Here's a thread I started about her symptoms.

First indication was late in 2018 when Eva started to freeze on me during her therapy weekly school visits at age of of 8-1/2.
These visits involved lots of walking back and forth through a large elementary school, escorting her reading students to/ from their classrooms to library.

She also started toeing-in on front paws when sitting down around the same time, which vet said indicated weakness in back legs.
Eva continued her normal walks, even though video analysis viewed by vet and DT members showed her very tight in her rear legs.

In early 2020, Eva was put on daily Rimadyl which seemed to help her walking but not a cure. Near this time she started her rear leg dragging, taking one of her middle toes down to the quick and bleeding when on walks. I started her wearing boots, but then just left her middle two toes on each rear leg alone, not Dremeled during her weekly manicures. I did this from that point on, as she naturally wore down the nails during walks, but not to the quicks.

When she turned 10 y/o in mid 2020 Eva developed coughing symptom of DCM/ Congestive Heart Failure and was started on canine cardiac medicine. Amazingly the Vetmedin medication gave her a pretty normal lifestyle although she started to self limit herself on the walks in distance. She was also on Salix diuretic after CHF diagnosis and vet gave her a range of months to a year longevity. While on the cardiac medication Eva walked spunky for 6-months despite her malady, up until her last night where she got overexcited after chasing a possum on potty break. Eva passed away suddenly after coming back inside house, just 3-months shy of 11 y/o.

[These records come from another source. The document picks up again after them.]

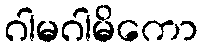
ဂါမဂါမိကော
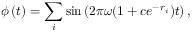
\phi \left( t \right) = \sum _ { i } \sin \left( 2 \pi \omega ( 1 + c e ^ { - r _ { i } } ) t \right) ,
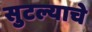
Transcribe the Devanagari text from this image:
सुटल्याचे
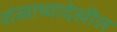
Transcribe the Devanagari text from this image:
शंखाच्यादेखील
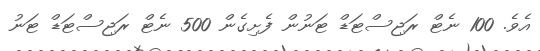
އެވެ. 100 ނެޓް ރަޖިސްޓަޑް ޓަނުން ފެށިގެން 500 ނެޓް ރަޖިސްޓަޑް ޓަނު
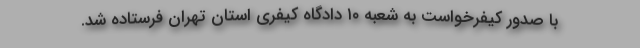
با صدور کیفرخواست به شعبه ۱۰ دادگاه کیفری استان تهران فرستاده شد.
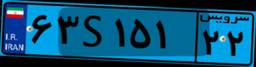
۶۳S۱۵۱۲۲
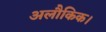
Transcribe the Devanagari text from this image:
अलौकिक।
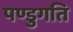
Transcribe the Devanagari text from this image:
पण्डुगति
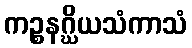
ကဉ္စနဂ္ဃိယသံကာသံ
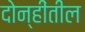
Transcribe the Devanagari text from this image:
दोन्हींतील
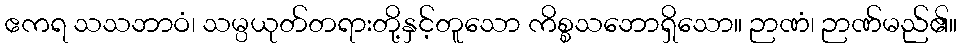
ဧကရ သသဘာဝံ၊ သမ္ပယုတ်တရားတို့နှင့်တူသော ကိစ္စသဘောရှိသော။ ဉာဏံ၊ ဉာဏ်မည်၏။

Using hindsight in Eva's case, I believe that her early issues with her rear legs were cardiac related, not arthritis, as diagnosed by our former vet. This is based on how well she walked after put on the Vetmedin cardiac medication and taken off Rimadyl. I'm not implying that your young Nova girl has any cardiac issues, but it's something that needs to be ruled out. As others have posted, rear leg dragging is a concern in Dobermans which can indicate other serious conditions.

Hope you find out what's going on with your Nova.
BTW, Nova was our name of choice for next girl Dobe, although we ended up getting a male puppy, naming him Neo!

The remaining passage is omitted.